Thursday, February 25, 2016

Day three at Hopital Universitaire de Mirebalais

Day three started with a few of the team going to ER rounds while others set up for more of Dr. Fried's lectures.  Others went to ICU to check on the intubated patient with tetanus.  He is now well sedated thankfully and his pneumo is resolving, vent settings are good, he's chilling and hopefully his healing will resume.
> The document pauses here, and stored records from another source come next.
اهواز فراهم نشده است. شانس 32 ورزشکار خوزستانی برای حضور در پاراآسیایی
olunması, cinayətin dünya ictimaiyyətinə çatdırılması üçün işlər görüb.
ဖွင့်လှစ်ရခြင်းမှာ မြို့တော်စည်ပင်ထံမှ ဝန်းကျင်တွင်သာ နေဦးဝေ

Dr. Fried spent the morning catching up on one lecture then giving two more.  It's interesting to have four interpreters that don't know medical terms so there are some difficulties with interpretation.  We say a sentence and they interpret.  It takes time and sometimes what the residents reply with is not interpreted back.  For the most part though, it appears they are getting it because they're clearly engaged and interested and at times there is much dialogue amongst the group who take care of each other making sure one is getting it as much as the other.  There is one Resident who speaks very good English who has graciously stepped in to interpret some of the more difficult lectures that the interpreters have a hard time translating.  After lunch,  Connor, Lisa and Kacie did case studies on trauma, respiratory failure and sepsis.  Dr. Fried, Kaina and Mario taught the mechanical ventilation station.  It was important to Patti to teach them as much of the VAP bundle as possible so she stepped in to teach suctioning Q4, oral care, HOB angle and turning the patient.

Kacie and Connor doing a case study on a critical patient

Dr. Fried calculating IBW 
Connor, Kacie and Lisa presenting case studies

Dr. Fried and Mario at the ventilator skills station

Mario and Dr. Fried at the ventilator station.  Notice the tall guy in the lavender shirt?  He's one of the interpreters named Pickford.  He's an electrical engineer who has not been able to find a job in his field.  He, like the other interpreters are so engaged in our skills stations that they are yearning themselves, to get some hands on practice!  At the airway station, Pickford was dying to intubate the mannequin, but he urged the residents, used hand motions to show them to pull the laryngoscope up and to watch out for the teeth!  You could feel his anxiousness to do it himself!  Pickford told me that he is so fortunate to get this one week interpretation stint.  Any work is hard to come by.  When I asked what most people do for money he said that families pool their money to take care of each other.  If one of the 8 family members works, that money feeds the rest of the family.  They take care of each other.  We all have a lot to learn from them.
Patti teaching the VAP prevention bundle

We discovered yesterday that the basic tube securement that we used to do with tape is sometimes done with curlex wrapped around the tube then wrapped around the neck, sometimes tape but not securely.  When Mario and I first assessed this patient the tape was half off his face, he was experiencing frequent tetanic contractions with full body, quite violent stiffening with sky high blood pressure, diaphoretic and the tube was barely staying in place so we retaped and secured his tube.  Yesterday we looked at him, noticing his tube was freshly secured in the same fashion we taught the day before.  I asked Mario, "did you retape his tube?"  Mario looked at me and replied "No, I didn't, I thought you did."  Wow!  That was a defining moment knowing that what we taught yesterday at the airway station was actually applied!  Yay!  It seems like a small victory but any knowledge that sticks is huge!